Note that it turns out that the above also implies that $c_g(H) = H$ (This is because we have $c_g(H) \le H$ as well as $c_{g^{-1}}(H) \le H$). This equivalence of ideas is crucial to the proof.

Normal = Inner automorphism $\to$ Automorphism

In other words, any inner automorphism on the whole group restricts to an automorphism from the subgroup to itself. Note that this is stronger than saying that the inner automorphism simply sends the subgroup to itself -- we also demand that the restriction itself be an automorphism of the subgroup.

## Facts used

1. Restriction of automorphism to subgroup invariant under it and its inverse is automorphism
2. Composition rule for function restriction: This is used for the proof using function restriction expressions.

## Proof

This proof uses a tabular format for presentation. Provide feedback on tabular proof formats in a survey (opens in new window/tab) | Learn more about tabular proof formats|View all pages on facts with proofs in tabular format

### Hands-on proof

Given: Groups $H \le K \le G$ such that $H$ is characteristic in $K$ and $K$ is normal in $G$. An element $g \in G$.

To Prove: The map $g \in G$, the map $c_g : x \mapsto gxg^{-1}$ maps $H$ to $H$ (and in fact, yields an automorphism of $H$).

Proof:

Step no. Assertion/construction Facts used Given data used Previous steps used Explanation
1 $c_g(x) \in K$ for every $x \in K$ and $c_g$ restricts to an automorphism of $K$. Call this automorphism $\sigma$. definition of normal subgroup
Fact (1) $K$ is normal in $G$ $g$ is in $G$.
2 $\sigma$ sends $H$ to itself, and in fact restricts to an automorphism of $H$. definition of characteristic subgroup $H$ is characteristic in $K$ Step (1) direct
3 $c_g$ sends $H$ to itself and restricts to an automorphism of $H$. Steps (1), (2) [SHOW MORE]
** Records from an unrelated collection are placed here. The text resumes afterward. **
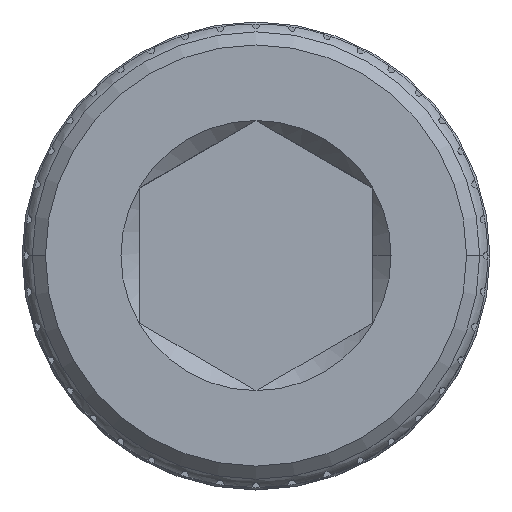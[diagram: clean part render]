
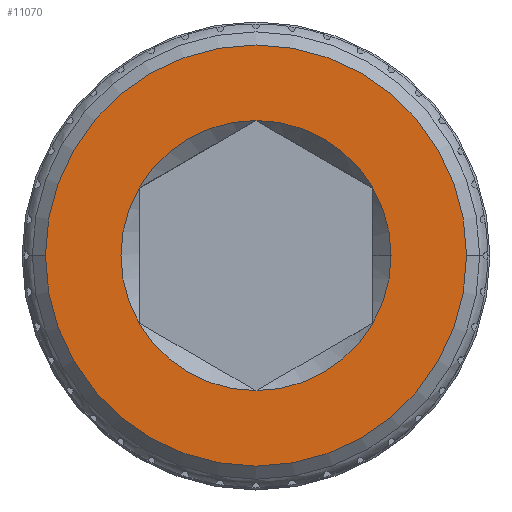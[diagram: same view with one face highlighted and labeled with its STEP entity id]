
A CAD part, top view. The second image highlights one B-rep face of the part: STEP entity #11070.
In plain terms, the highlighted planar face has unit normal (0, 0, 1).
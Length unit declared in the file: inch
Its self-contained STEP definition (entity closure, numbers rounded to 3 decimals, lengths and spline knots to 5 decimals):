
#269 = CARTESIAN_POINT ( 'NONE',  ( 0., 0., 0.875 ) ) ;
#311 = CARTESIAN_POINT ( 'NONE',  ( 0.09375, 0.05413, 0.875 ) ) ;
#389 = FACE_BOUND ( 'NONE', #8577, .T. ) ;
#914 = AXIS2_PLACEMENT_3D ( 'NONE', #2374, #9808, #5142 ) ;
#958 = DIRECTION ( 'NONE',  ( 0., 0., 1. ) ) ;
#1153 = EDGE_LOOP ( 'NONE', ( #10805, #11446 ) ) ;
#1217 = VERTEX_POINT ( 'NONE', #10064 ) ;
#1292 = DIRECTION ( 'NONE',  ( 0., 0., 1. ) ) ;
#1547 = CIRCLE ( 'NONE', #3460, 0.10825 ) ;
#1577 = CIRCLE ( 'NONE', #2013, 0.10825 ) ;
#1595 = ORIENTED_EDGE ( 'NONE', *, *, #3956, .F. ) ;
#1655 = CIRCLE ( 'NONE', #10958, 0.10825 ) ;
#1770 = DIRECTION ( 'NONE',  ( 1., 0., 0. ) ) ;
#2013 = AXIS2_PLACEMENT_3D ( 'NONE', #2663, #8170, #11899 ) ;
#2290 = ORIENTED_EDGE ( 'NONE', *, *, #8297, .F. ) ;
#2359 = CIRCLE ( 'NONE', #10740, 0.10825 ) ;
#2374 = CARTESIAN_POINT ( 'NONE',  ( 0., 0., 0.875 ) ) ;
#2566 = AXIS2_PLACEMENT_3D ( 'NONE', #269, #3994, #6810 ) ;
#2663 = CARTESIAN_POINT ( 'NONE',  ( 0., 0., 0.875 ) ) ;
#2825 = DIRECTION ( 'NONE',  ( 1., 0., 0. ) ) ;
#2885 = CARTESIAN_POINT ( 'NONE',  ( 0.16875, 0., 0.875 ) ) ;
#3273 = VERTEX_POINT ( 'NONE', #5834 ) ;
#3345 = VERTEX_POINT ( 'NONE', #311 ) ;
#3459 = EDGE_CURVE ( 'NONE', #10636, #7250, #1547, .T. ) ;
#3460 = AXIS2_PLACEMENT_3D ( 'NONE', #5892, #4140, #7924 ) ;
#3490 = CIRCLE ( 'NONE', #11709, 0.10825 ) ;
#3503 = CIRCLE ( 'NONE', #914, 0.10825 ) ;
#3735 = CIRCLE ( 'NONE', #2566, 0.16875 ) ;
#3956 = EDGE_CURVE ( 'NONE', #1217, #10636, #8915, .T. ) ;
#3994 = DIRECTION ( 'NONE',  ( 0., 0., 1. ) ) ;
#4140 = DIRECTION ( 'NONE',  ( 0., 0., 1. ) ) ;
#4320 = AXIS2_PLACEMENT_3D ( 'NONE', #6316, #4562, #6359 ) ;
#4457 = AXIS2_PLACEMENT_3D ( 'NONE', #5045, #1292, #5979 ) ;
#4484 = CARTESIAN_POINT ( 'NONE',  ( 0., -0.10825, 0.875 ) ) ;
#4562 = DIRECTION ( 'NONE',  ( 0., 0., 1. ) ) ;
#4613 = DIRECTION ( 'NONE',  ( 0., 0., 1. ) ) ;
#4646 = AXIS2_PLACEMENT_3D ( 'NONE', #9068, #9901, #9027 ) ;
#4824 = ORIENTED_EDGE ( 'NONE', *, *, #9220, .F. ) ;
#5045 = CARTESIAN_POINT ( 'NONE',  ( 0., 0., 0.875 ) ) ;
#5142 = DIRECTION ( 'NONE',  ( 1., 0., 0. ) ) ;
#5441 = CARTESIAN_POINT ( 'NONE',  ( 0., 0., 0.875 ) ) ;
#5834 = CARTESIAN_POINT ( 'NONE',  ( 0.10825, 0., 0.875 ) ) ;
#5892 = CARTESIAN_POINT ( 'NONE',  ( 0., 0., 0.875 ) ) ;
#5979 = DIRECTION ( 'NONE',  ( 1., 0., 0. ) ) ;
#6316 = CARTESIAN_POINT ( 'NONE',  ( 0., 0., 0.875 ) ) ;
#6357 = FACE_OUTER_BOUND ( 'NONE', #1153, .T. ) ;
#6359 = DIRECTION ( 'NONE',  ( -1., 0., 0. ) ) ;
#6678 = CARTESIAN_POINT ( 'NONE',  ( 0.09375, -0.05413, 0.875 ) ) ;
#6810 = DIRECTION ( 'NONE',  ( -1., 0., 0. ) ) ;
#6888 = EDGE_CURVE ( 'NONE', #3273, #3345, #1655, .T. ) ;
#6909 = ORIENTED_EDGE ( 'NONE', *, *, #3459, .F. ) ;
#7087 = VERTEX_POINT ( 'NONE', #8641 ) ;
#7228 = PLANE ( 'NONE',  #4646 ) ;
#7250 = VERTEX_POINT ( 'NONE', #4484 ) ;
#7924 = DIRECTION ( 'NONE',  ( 1., 0., 0. ) ) ;
#8170 = DIRECTION ( 'NONE',  ( 0., 0., 1. ) ) ;
#8297 = EDGE_CURVE ( 'NONE', #9103, #3273, #2359, .T. ) ;
#8548 = ORIENTED_EDGE ( 'NONE', *, *, #11087, .F. ) ;
#8563 = CIRCLE ( 'NONE', #4320, 0.16875 ) ;
#8577 = EDGE_LOOP ( 'NONE', ( #1595, #10324, #4824, #9286, #2290, #8548, #6909 ) ) ;
#8641 = CARTESIAN_POINT ( 'NONE',  ( -0.16875, 0., 0.875 ) ) ;
#8915 = CIRCLE ( 'NONE', #4457, 0.10825 ) ;
#8962 = VERTEX_POINT ( 'NONE', #2885 ) ;
#9027 = DIRECTION ( 'NONE',  ( -1., 0., 0. ) ) ;
#9039 = VERTEX_POINT ( 'NONE', #10212 ) ;
#9068 = CARTESIAN_POINT ( 'NONE',  ( 0., 0., 0.875 ) ) ;
#9103 = VERTEX_POINT ( 'NONE', #6678 ) ;
#9220 = EDGE_CURVE ( 'NONE', #3345, #9039, #3503, .T. ) ;
#9286 = ORIENTED_EDGE ( 'NONE', *, *, #6888, .F. ) ;
#9309 = DIRECTION ( 'NONE',  ( 1., 0., 0. ) ) ;
#9364 = CARTESIAN_POINT ( 'NONE',  ( 0., 0., 0.875 ) ) ;
#9386 = EDGE_CURVE ( 'NONE', #9039, #1217, #3490, .T. ) ;
#9808 = DIRECTION ( 'NONE',  ( 0., 0., 1. ) ) ;
#9901 = DIRECTION ( 'NONE',  ( 0., 0., -1. ) ) ;
#9967 = EDGE_CURVE ( 'NONE', #7087, #8962, #8563, .T. ) ;
#10064 = CARTESIAN_POINT ( 'NONE',  ( -0.09375, 0.05413, 0.875 ) ) ;
#10114 = DIRECTION ( 'NONE',  ( 0., 0., 1. ) ) ;
#10161 = CARTESIAN_POINT ( 'NONE',  ( 0., 0., 0.875 ) ) ;
#10212 = CARTESIAN_POINT ( 'NONE',  ( 0., 0.10825, 0.875 ) ) ;
#10324 = ORIENTED_EDGE ( 'NONE', *, *, #9386, .F. ) ;
#10636 = VERTEX_POINT ( 'NONE', #11336 ) ;
#10740 = AXIS2_PLACEMENT_3D ( 'NONE', #5441, #10114, #1770 ) ;
#10805 = ORIENTED_EDGE ( 'NONE', *, *, #9967, .T. ) ;
#10958 = AXIS2_PLACEMENT_3D ( 'NONE', #10161, #958, #9309 ) ;
#11070 = ADVANCED_FACE ( 'NONE', ( #389, #6357 ), #7228, .F. ) ;
#11087 = EDGE_CURVE ( 'NONE', #7250, #9103, #1577, .T. ) ;
#11336 = CARTESIAN_POINT ( 'NONE',  ( -0.09375, -0.05413, 0.875 ) ) ;
#11446 = ORIENTED_EDGE ( 'NONE', *, *, #11459, .T. ) ;
#11459 = EDGE_CURVE ( 'NONE', #8962, #7087, #3735, .T. ) ;
#11709 = AXIS2_PLACEMENT_3D ( 'NONE', #9364, #4613, #2825 ) ;
#11899 = DIRECTION ( 'NONE',  ( 1., 0., 0. ) ) ;
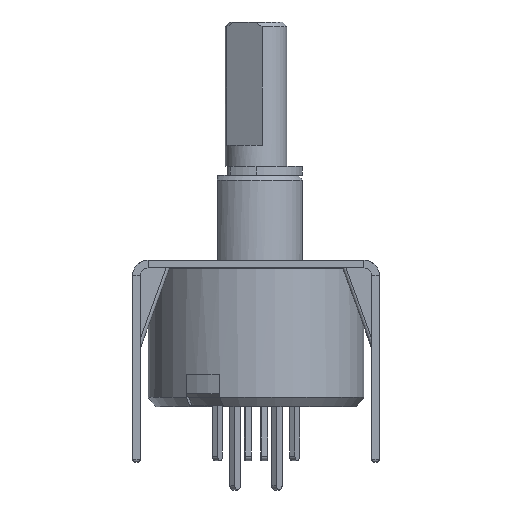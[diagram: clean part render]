
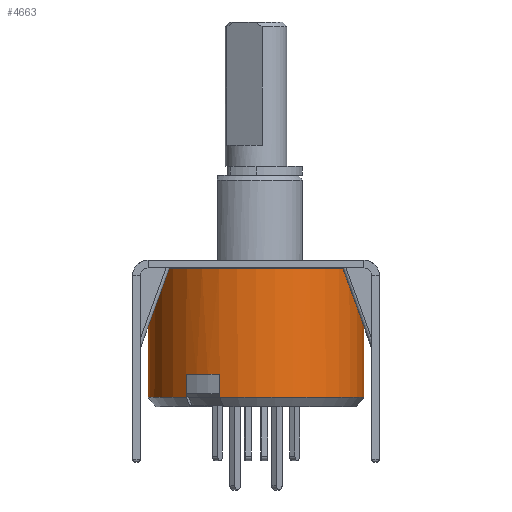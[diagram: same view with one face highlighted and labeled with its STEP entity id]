
A CAD part, front view. The second image highlights one B-rep face of the part: STEP entity #4663.
In plain terms, the highlighted cylindrical face has radius 7 mm (diameter 14 mm), a partial arc.
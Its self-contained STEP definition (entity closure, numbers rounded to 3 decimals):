
#252 = CARTESIAN_POINT ( 'NONE',  ( 7., 0., 0.95 ) ) ;
#333 = ORIENTED_EDGE ( 'NONE', *, *, #2102, .F. ) ;
#528 = VECTOR ( 'NONE', #2862, 1000. ) ;
#760 = CARTESIAN_POINT ( 'NONE',  ( -2.361, -6.59, -7.4 ) ) ;
#771 = EDGE_CURVE ( 'NONE', #1318, #9055, #5209, .T. ) ;
#927 = VECTOR ( 'NONE', #2831, 1000. ) ;
#989 = DIRECTION ( 'NONE',  ( 0., 0., -1. ) ) ;
#1074 = DIRECTION ( 'NONE',  ( -1., 0., 0. ) ) ;
#1262 = VERTEX_POINT ( 'NONE', #252 ) ;
#1318 = VERTEX_POINT ( 'NONE', #4191 ) ;
#1351 = DIRECTION ( 'NONE',  ( 0., 0., -1. ) ) ;
#1401 = DIRECTION ( 'NONE',  ( 1., 0., 0. ) ) ;
#1482 = FACE_OUTER_BOUND ( 'NONE', #3491, .T. ) ;
#1588 = CARTESIAN_POINT ( 'NONE',  ( -7., 0., 9. ) ) ;
#2015 = CARTESIAN_POINT ( 'NONE',  ( 0., 0., 9. ) ) ;
#2102 = EDGE_CURVE ( 'NONE', #1262, #5743, #3905, .T. ) ;
#2224 = CARTESIAN_POINT ( 'NONE',  ( 0., 0., -7.4 ) ) ;
#2712 = CARTESIAN_POINT ( 'NONE',  ( -2.361, -6.59, 9. ) ) ;
#2801 = CARTESIAN_POINT ( 'NONE',  ( -4.526, -5.34, -7.4 ) ) ;
#2831 = DIRECTION ( 'NONE',  ( 0., 0., -1. ) ) ;
#2862 = DIRECTION ( 'NONE',  ( 0., 0., 1. ) ) ;
#3201 = ORIENTED_EDGE ( 'NONE', *, *, #5143, .T. ) ;
#3248 = CARTESIAN_POINT ( 'NONE',  ( 0., 0., -7.4 ) ) ;
#3263 = ORIENTED_EDGE ( 'NONE', *, *, #8384, .F. ) ;
#3277 = DIRECTION ( 'NONE',  ( 1., 0., 0. ) ) ;
#3422 = EDGE_CURVE ( 'NONE', #4494, #5674, #5869, .T. ) ;
#3491 = EDGE_LOOP ( 'NONE', ( #333, #9229, #5905, #3263, #7654, #3201, #6234, #7331 ) ) ;
#3498 = DIRECTION ( 'NONE',  ( 0., 0., -1. ) ) ;
#3578 = DIRECTION ( 'NONE',  ( 0., 0., -1. ) ) ;
#3905 = LINE ( 'NONE', #8997, #11736 ) ;
#4087 = AXIS2_PLACEMENT_3D ( 'NONE', #2015, #989, #1074 ) ;
#4191 = CARTESIAN_POINT ( 'NONE',  ( -7., 0., 0.95 ) ) ;
#4222 = CIRCLE ( 'NONE', #4984, 7. ) ;
#4427 = DIRECTION ( 'NONE',  ( 0., 0., 1. ) ) ;
#4494 = VERTEX_POINT ( 'NONE', #8915 ) ;
#4663 = ADVANCED_FACE ( 'NONE', ( #1482 ), #8712, .T. ) ;
#4984 = AXIS2_PLACEMENT_3D ( 'NONE', #2224, #1351, #3277 ) ;
#5143 = EDGE_CURVE ( 'NONE', #7739, #4494, #7576, .T. ) ;
#5209 = LINE ( 'NONE', #1588, #7968 ) ;
#5350 = DIRECTION ( 'NONE',  ( -1., 0., 0. ) ) ;
#5439 = AXIS2_PLACEMENT_3D ( 'NONE', #11741, #4427, #5350 ) ;
#5634 = CIRCLE ( 'NONE', #8944, 7. ) ;
#5674 = VERTEX_POINT ( 'NONE', #760 ) ;
#5699 = CIRCLE ( 'NONE', #10203, 7. ) ;
#5743 = VERTEX_POINT ( 'NONE', #10218 ) ;
#5864 = EDGE_CURVE ( 'NONE', #1262, #1318, #5699, .T. ) ;
#5869 = LINE ( 'NONE', #2712, #927 ) ;
#5905 = ORIENTED_EDGE ( 'NONE', *, *, #771, .T. ) ;
#6234 = ORIENTED_EDGE ( 'NONE', *, *, #3422, .T. ) ;
#6362 = DIRECTION ( 'NONE',  ( -1., 0., 0. ) ) ;
#6410 = EDGE_CURVE ( 'NONE', #5743, #5674, #4222, .T. ) ;
#6957 = DIRECTION ( 'NONE',  ( 0., 0., -1. ) ) ;
#7331 = ORIENTED_EDGE ( 'NONE', *, *, #6410, .F. ) ;
#7576 = CIRCLE ( 'NONE', #5439, 7. ) ;
#7654 = ORIENTED_EDGE ( 'NONE', *, *, #8892, .T. ) ;
#7734 = CARTESIAN_POINT ( 'NONE',  ( -4.526, -5.34, 9. ) ) ;
#7739 = VERTEX_POINT ( 'NONE', #10869 ) ;
#7961 = VERTEX_POINT ( 'NONE', #2801 ) ;
#7968 = VECTOR ( 'NONE', #3498, 1000. ) ;
#8384 = EDGE_CURVE ( 'NONE', #7961, #9055, #5634, .T. ) ;
#8712 = CYLINDRICAL_SURFACE ( 'NONE', #4087, 7. ) ;
#8892 = EDGE_CURVE ( 'NONE', #7961, #7739, #11318, .T. ) ;
#8915 = CARTESIAN_POINT ( 'NONE',  ( -2.361, -6.59, -5.9 ) ) ;
#8944 = AXIS2_PLACEMENT_3D ( 'NONE', #3248, #6957, #1401 ) ;
#8997 = CARTESIAN_POINT ( 'NONE',  ( 7., 0., 9. ) ) ;
#9055 = VERTEX_POINT ( 'NONE', #11863 ) ;
#9229 = ORIENTED_EDGE ( 'NONE', *, *, #5864, .T. ) ;
#10019 = CARTESIAN_POINT ( 'NONE',  ( 0., 0., 0.95 ) ) ;
#10203 = AXIS2_PLACEMENT_3D ( 'NONE', #10019, #3578, #6362 ) ;
#10218 = CARTESIAN_POINT ( 'NONE',  ( 7., 0., -7.4 ) ) ;
#10869 = CARTESIAN_POINT ( 'NONE',  ( -4.526, -5.34, -5.9 ) ) ;
#10942 = DIRECTION ( 'NONE',  ( 0., 0., -1. ) ) ;
#11318 = LINE ( 'NONE', #7734, #528 ) ;
#11736 = VECTOR ( 'NONE', #10942, 1000. ) ;
#11741 = CARTESIAN_POINT ( 'NONE',  ( 0., 0., -5.9 ) ) ;
#11863 = CARTESIAN_POINT ( 'NONE',  ( -7., 0., -7.4 ) ) ;

### Using function restriction expressions

In terms of the function restriction formalism:

Inner automorphism $\to$ Automorphism

In other words, every inner automorphism of the whole group restricts to an automorphism of the subgroup.

Automorphism $\to$ Automorphism

In other words, every automorphism of the whole group restricts to an automorphism of the subgroup.

We now use the composition rule for function restriction to observe that the composition of characteristic and normal implies the property:

Inner automorphism $\to$ Automorphism

Which is again the subgroup property of normality.